By providing political, military and financial support to the rebel groups, these outside players helped aggravate the situation and gave Assad an excuse to turn Syria into a battleground. Assad’s Iranian backers and the outside powers supporting the Sunnis bifurcated the Syrians on communal lines, pitching one against the other, and what had begun as a protest against government failure turned into a pogrom.

In July 2011, the Free Syrian Army (FSA) was formed, comprising officers who had defected from the Syrian Armed Forces, and it declared the establishment of the first organized military force aimed at overthrowing Assad’s government. Then began the government crackdown and the retaliation by the FSA, and in June 2012 Assad pledged to crush the anti-government uprising.

Into the escalating mayhem entered the Hayat Tahrir al-Salam or al-Nusra Front, followed by Islamic State (IS), to proclaim control over northeastern Syria, and the war in Syria has since been fought on many fronts by many players. Chemical weapons, cluster bombs, thermobaric bombs and ballistic missiles have been freely and extensively used against civilians.
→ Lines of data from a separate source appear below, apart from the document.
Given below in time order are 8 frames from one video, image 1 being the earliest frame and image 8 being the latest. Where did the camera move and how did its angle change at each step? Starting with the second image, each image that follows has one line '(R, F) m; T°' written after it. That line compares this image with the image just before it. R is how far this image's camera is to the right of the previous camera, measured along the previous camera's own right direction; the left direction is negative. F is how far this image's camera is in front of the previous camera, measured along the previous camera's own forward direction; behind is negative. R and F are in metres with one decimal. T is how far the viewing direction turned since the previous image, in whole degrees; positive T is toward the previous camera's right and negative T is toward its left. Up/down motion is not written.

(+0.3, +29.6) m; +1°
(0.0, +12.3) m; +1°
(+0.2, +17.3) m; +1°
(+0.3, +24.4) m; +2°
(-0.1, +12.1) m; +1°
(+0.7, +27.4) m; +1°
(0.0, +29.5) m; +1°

In July 2011, the Free Syrian Army was formed, comprising officers who had defected from the Syrian Armed Forces, and it declared the establishment of the first organized military force aimed at overthrowing Assad’s government

Assad metamorphosed his monumental failure into a bloody Shia-Sunni war, butchered thousands of people just to maintain his grip on power and involved many players – Russian-backed government forces, Turkish-backed rebel brigades, and a Kurdish militia alliance supported by the US.

Thousands of Shiite militiamen from Iran, Lebanon, Iraq, Afghanistan and Yemen are fighting alongside the Syrian army, in order, they say, to protect Shia holy sites.
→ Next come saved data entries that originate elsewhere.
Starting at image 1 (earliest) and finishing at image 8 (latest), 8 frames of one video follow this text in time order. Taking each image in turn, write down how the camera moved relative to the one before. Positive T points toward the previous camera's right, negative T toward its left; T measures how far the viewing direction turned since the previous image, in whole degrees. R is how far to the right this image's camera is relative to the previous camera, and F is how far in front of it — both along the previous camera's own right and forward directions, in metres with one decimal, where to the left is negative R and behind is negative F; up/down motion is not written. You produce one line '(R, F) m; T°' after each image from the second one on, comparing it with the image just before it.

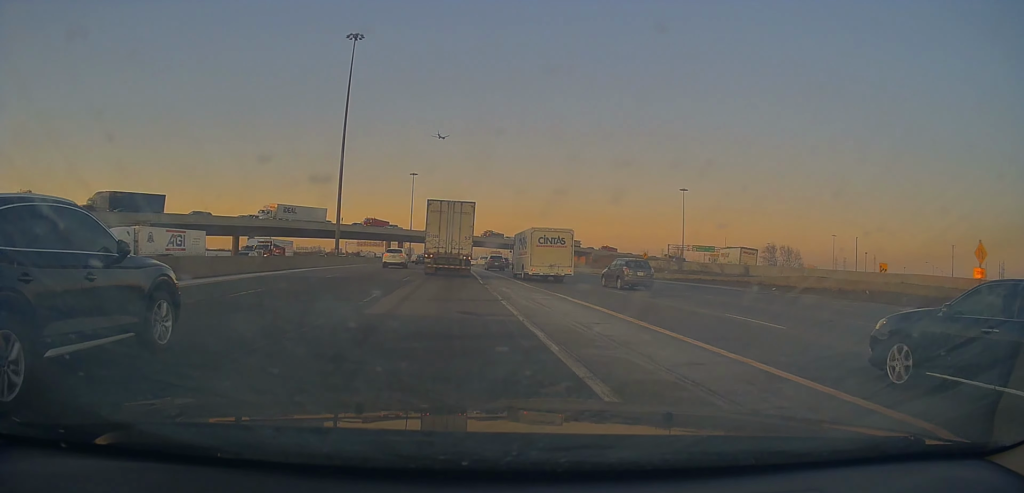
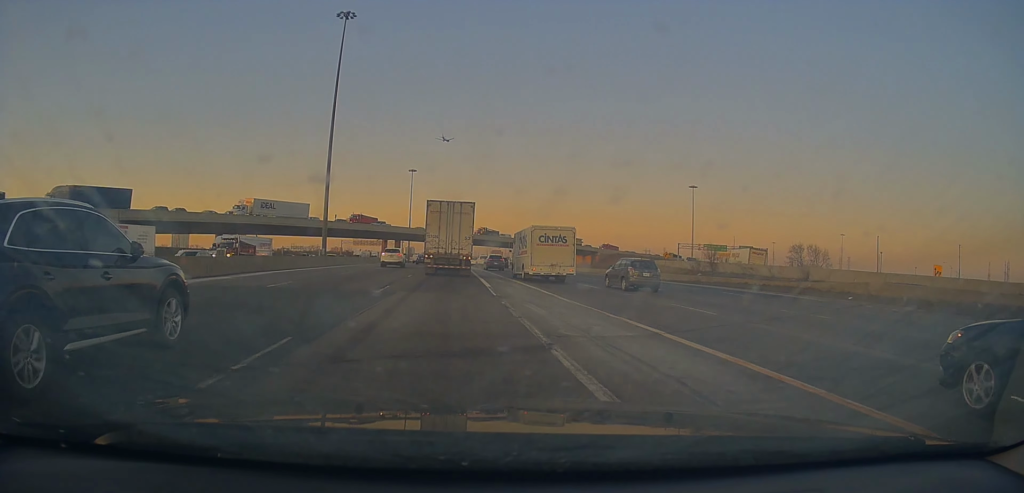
(0.0, +8.6) m; 0°
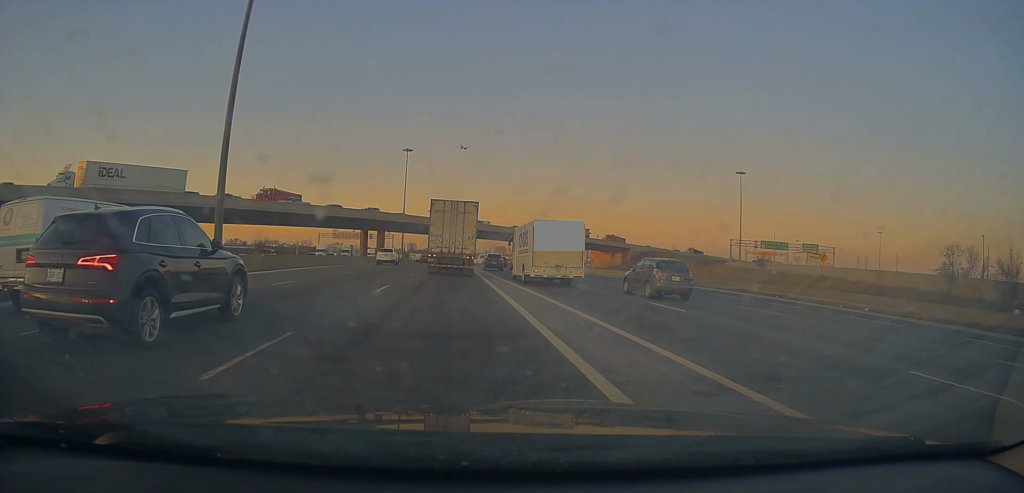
(+0.5, +35.5) m; +2°
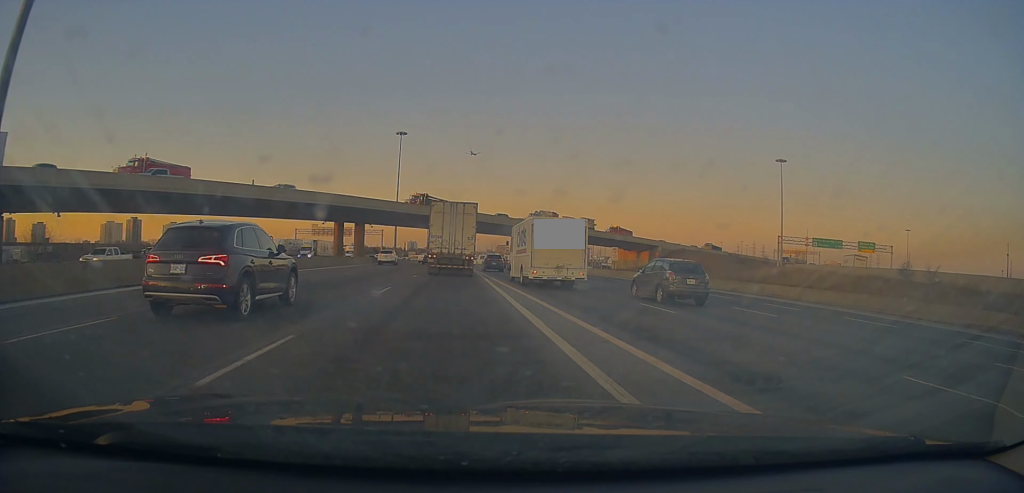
(-0.2, +24.1) m; 0°
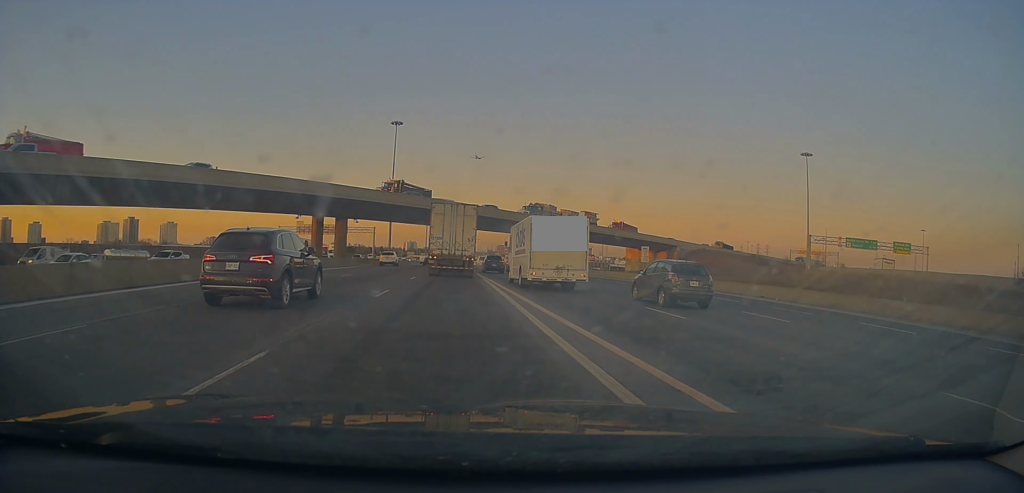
(+0.2, +13.0) m; -1°
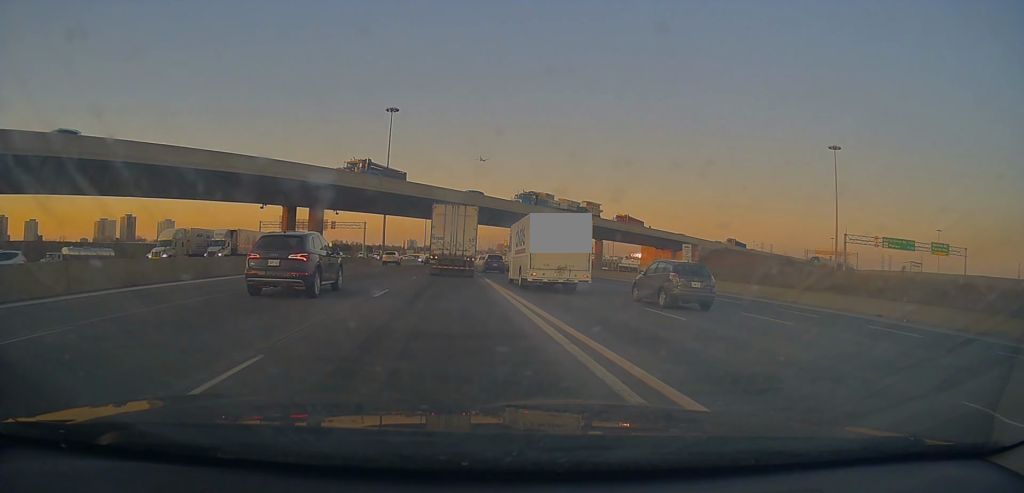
(-0.2, +12.4) m; -1°
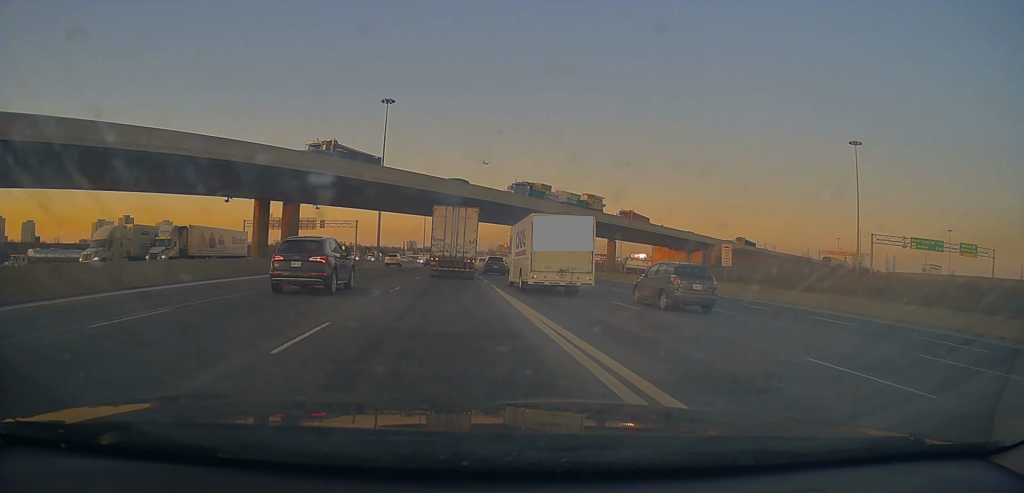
(-0.2, +8.5) m; 0°
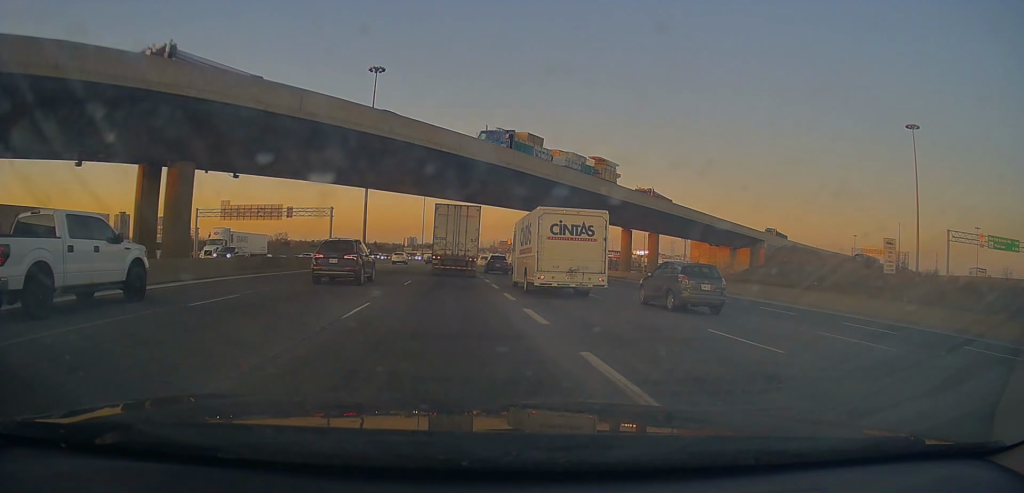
(+0.2, +19.9) m; +2°

The turmoil intensified when the FSA, the Army of the Mujahideen and IS engaged in a devastating war during 2013-14.

Starting in September 2014, the US jumped into the fray by bombing IS targets but it, like Russia, intended not to end the war but to play into the conflict, in this case by targeting government forces.

In September 2015, Russia, in support of Assad, launched air strikes against FSA forces and IS terrorists, but it did not spare civilian areas, and by late 2016, the air strikes had devastated anti-government groups.

Meanwhile, Saudi Arabia has poured in millions of dollars to help Sunni survivors, while Iran, with Hezbollah, has provided fighters, weapons and money to back Assad. Then in August 2016, Turkish troops entered the arena to drive IS out of Syria, and in January this year, Turkey launched deadly attacks to drive the Kurdish Popular Protection Units (YPG) out of Afrin.

Although Turkey supported the anti-government forces, it kept its own security in mind by containing the YPG militia, which Ankara accuses of being an extension of the banned Kurdistan Workers’ Party (PKK), a group that has fought for Kurdish autonomy in Turkey for three decades.

In April 2017, US President Donald Trump ordered a missile strike on a Syrian air base that the US said was behind a deadly chemical attack on the rebel-held town of Khan Sheikhoun.

Washington’s key ally on the ground has been an alliance of Kurdish and Arab militias called the Syrian Democratic Forces (SDF). Since 2015, its fighters have driven IS militants out of most of the territory it controlled in Syria. In January this year, the US said it would maintain an open-ended military presence in SDF-controlled territory to ensure the enduring defeat of IS, to counter Iranian influence, and help end the civil war.

Amid the worst human catastrophe – death, destruction and refugee crisis – the world powers and the UN have failed to achieve peace in Syria. With 5.6 million people, mostly women and children, fleeing to other countries as refugees, about 70% of the population living in extreme poverty, and thousands held in jails, there seems to be no respite in this raging war. Sometimes Aleppo, sometimes Ghouta, the war goes on. There is no decisive victory.

There is no decisive defeat either. And Assad is still adamantly against negotiating a solution with the opposition, let alone stepping down. Syria will see the dawn of peace only when Bashar al-Assad forsakes power.